**Aim of the task:** In the listing that follows, the lines starting at the one containing "main class: Woodland" and ending at the one containing "longitude: 24.4890" are to be returned exactly, both boundary lines included, and no others.
Provided entries Block Start
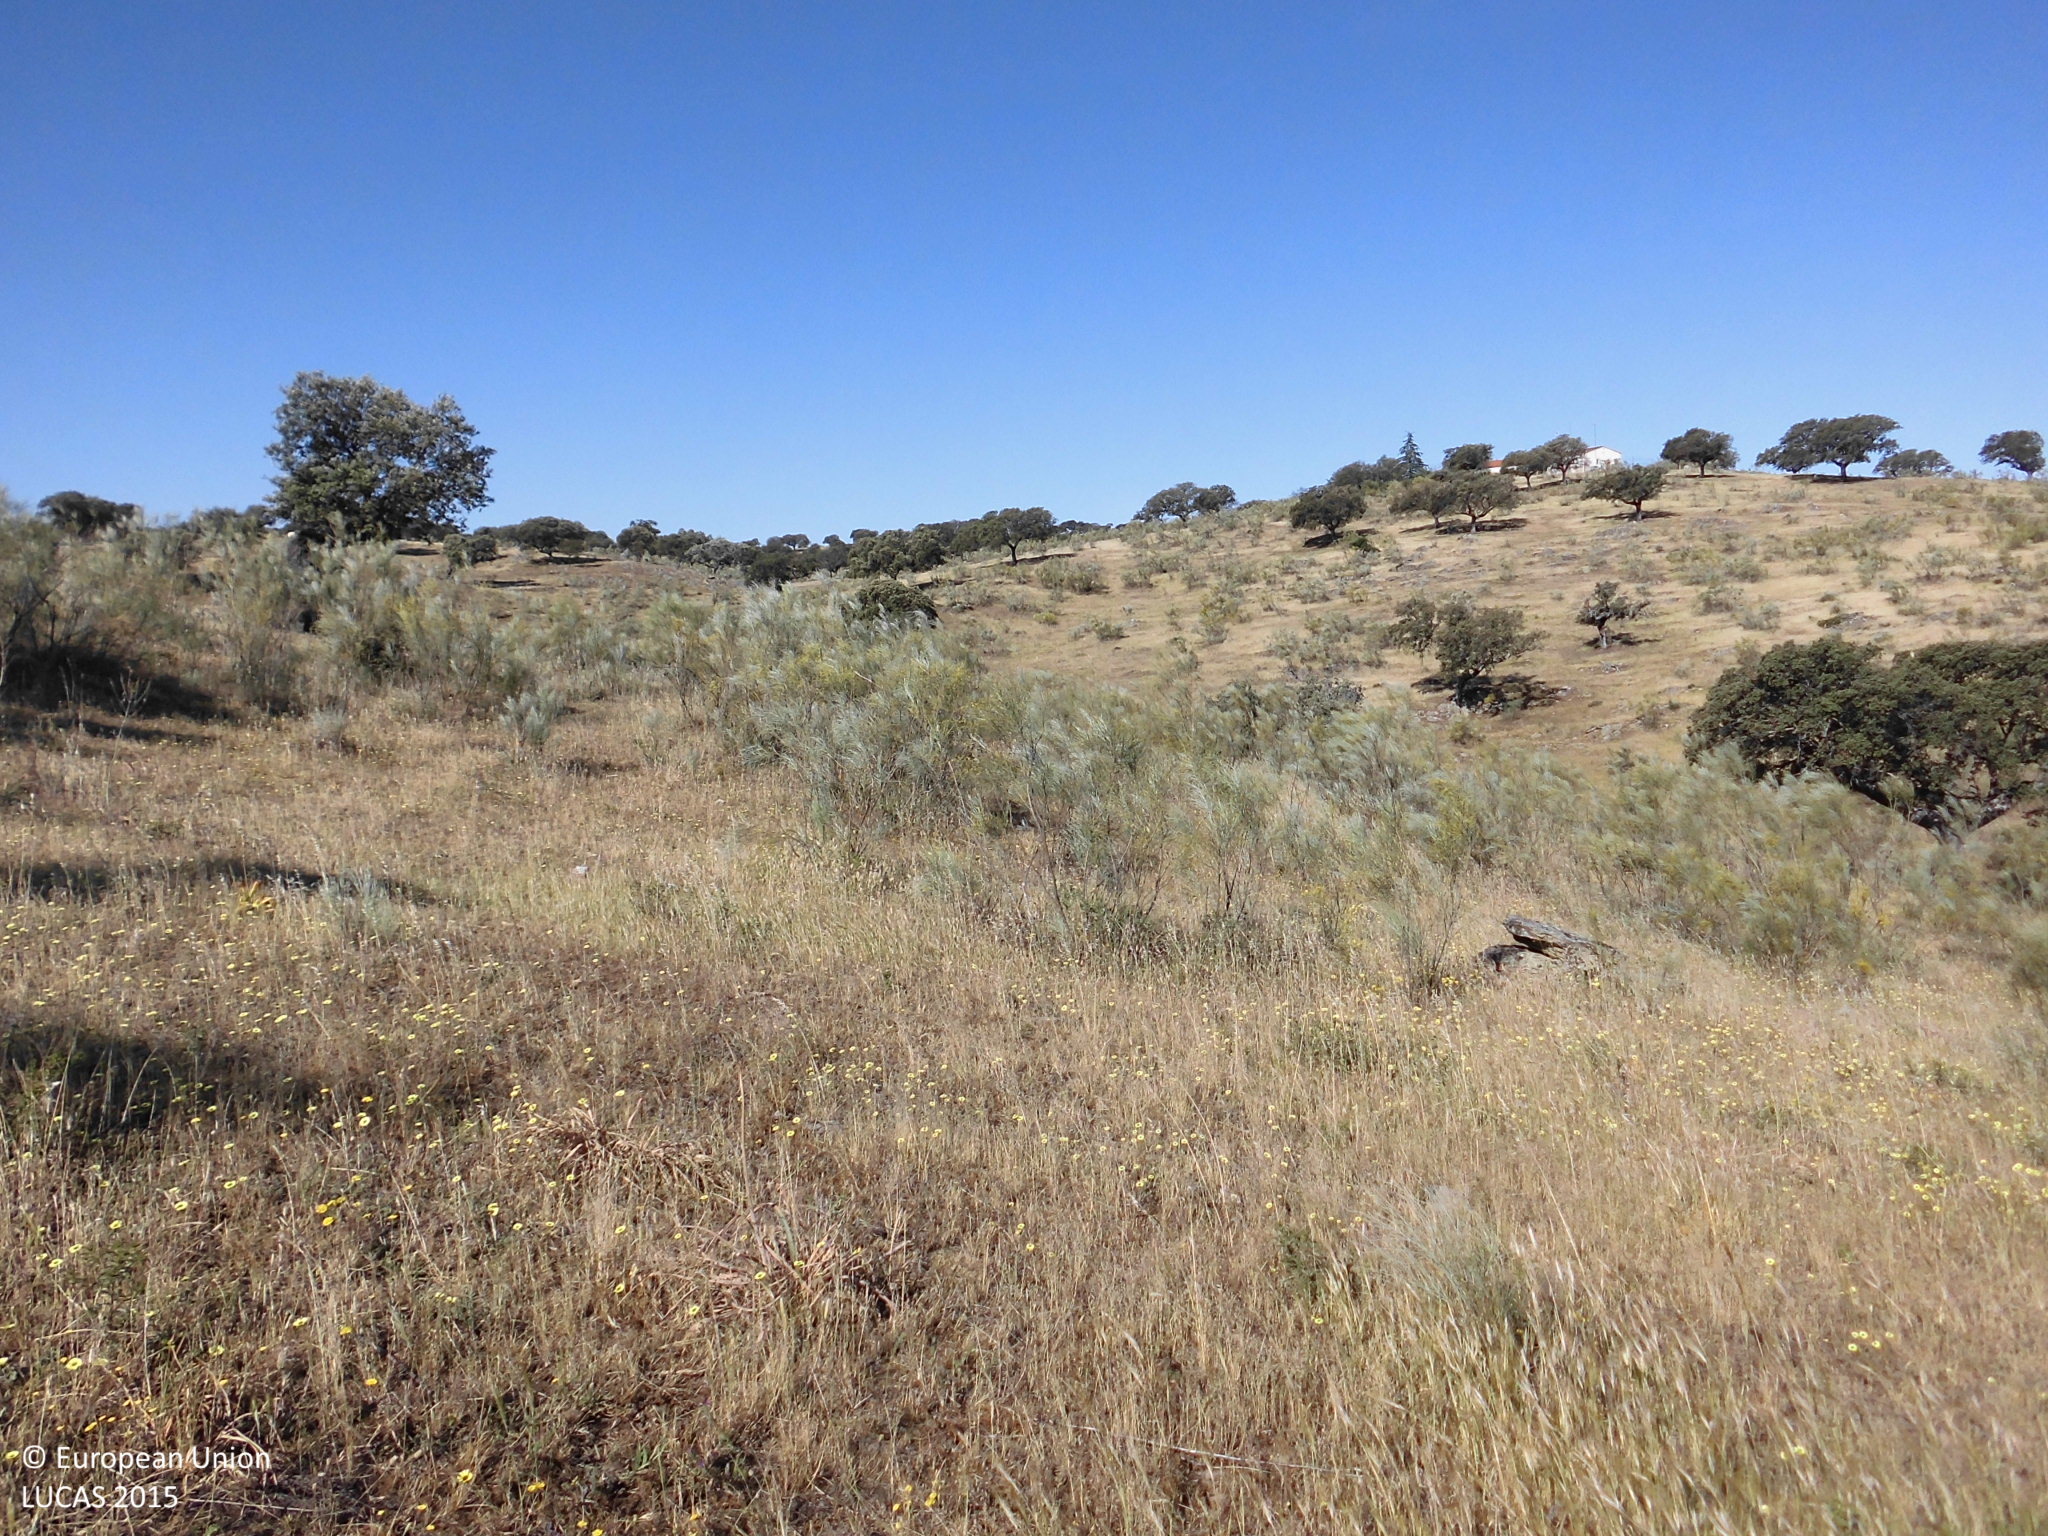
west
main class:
Provided entries Block End
Provided entries Block Start
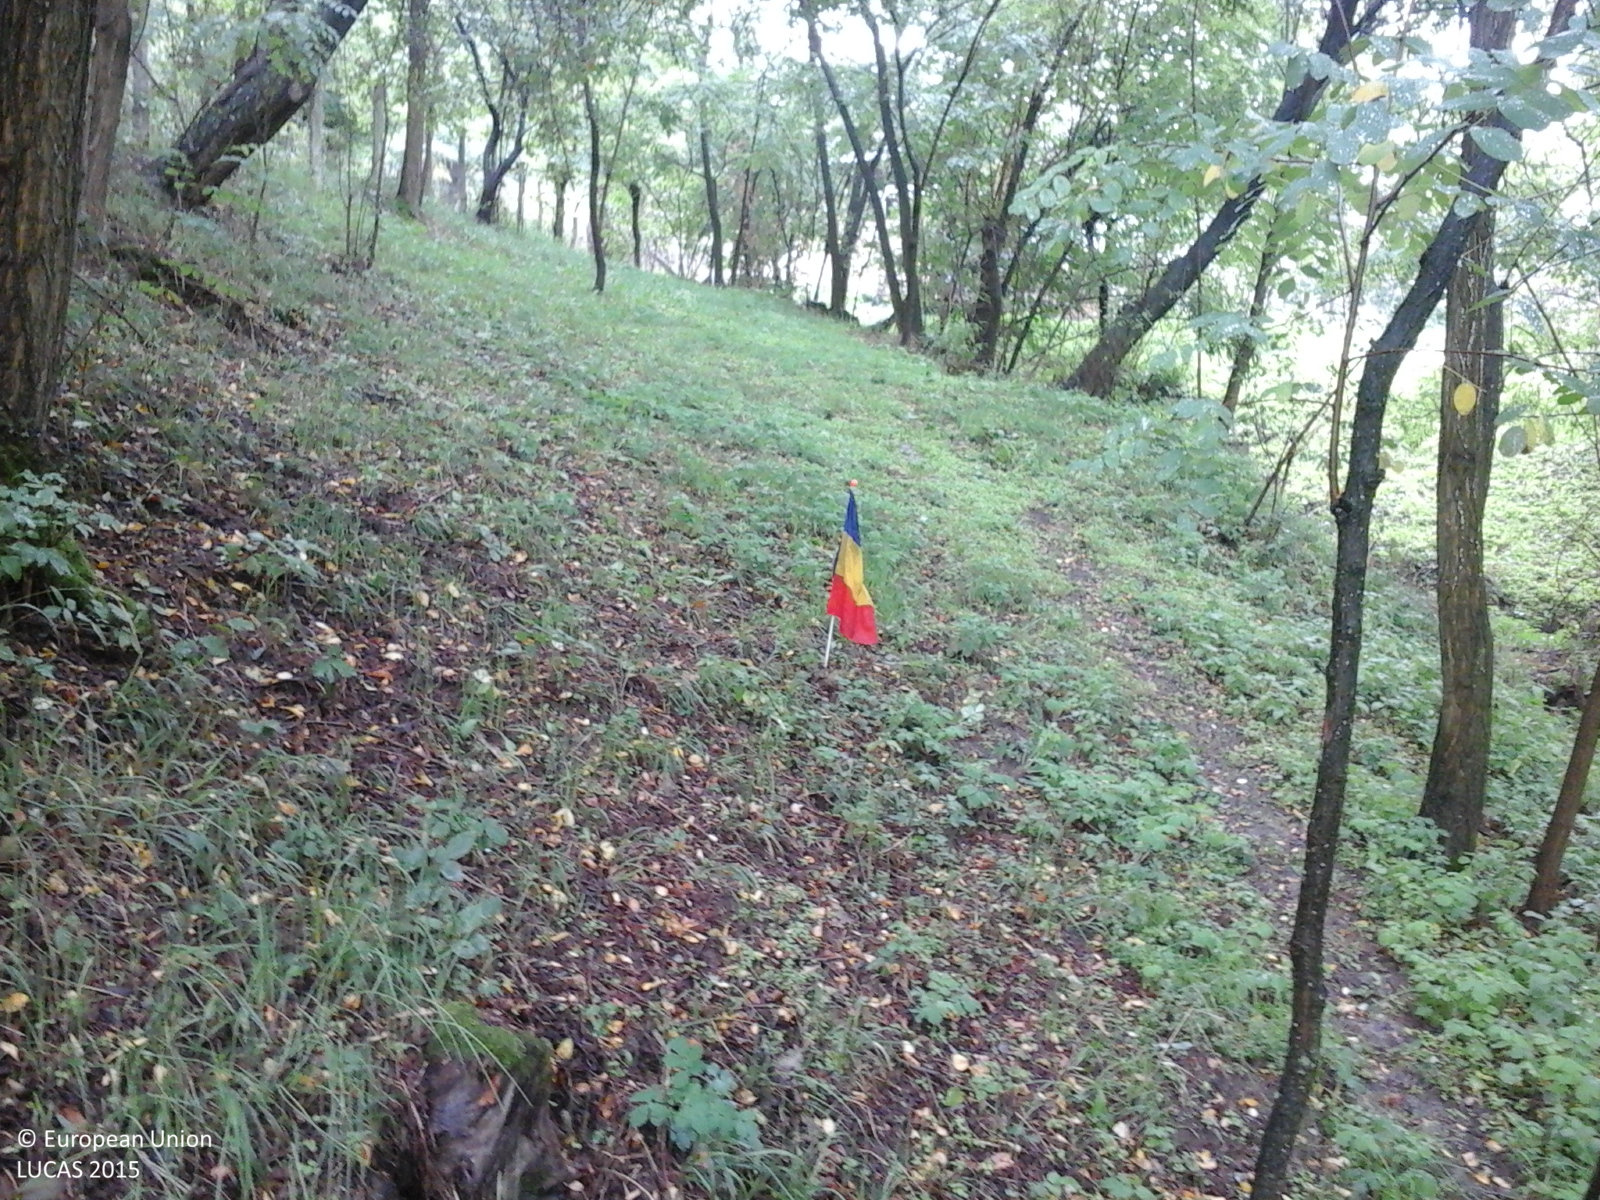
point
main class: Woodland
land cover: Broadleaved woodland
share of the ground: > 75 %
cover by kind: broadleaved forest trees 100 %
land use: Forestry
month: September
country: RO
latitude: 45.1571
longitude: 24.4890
Provided entries Block End
**Answer below:**
main class: Woodland
land cover: Broadleaved woodland
share of the ground: > 75 %
cover by kind: broadleaved forest trees 100 %
land use: Forestry
month: September
country: RO
latitude: 45.1571
longitude: 24.4890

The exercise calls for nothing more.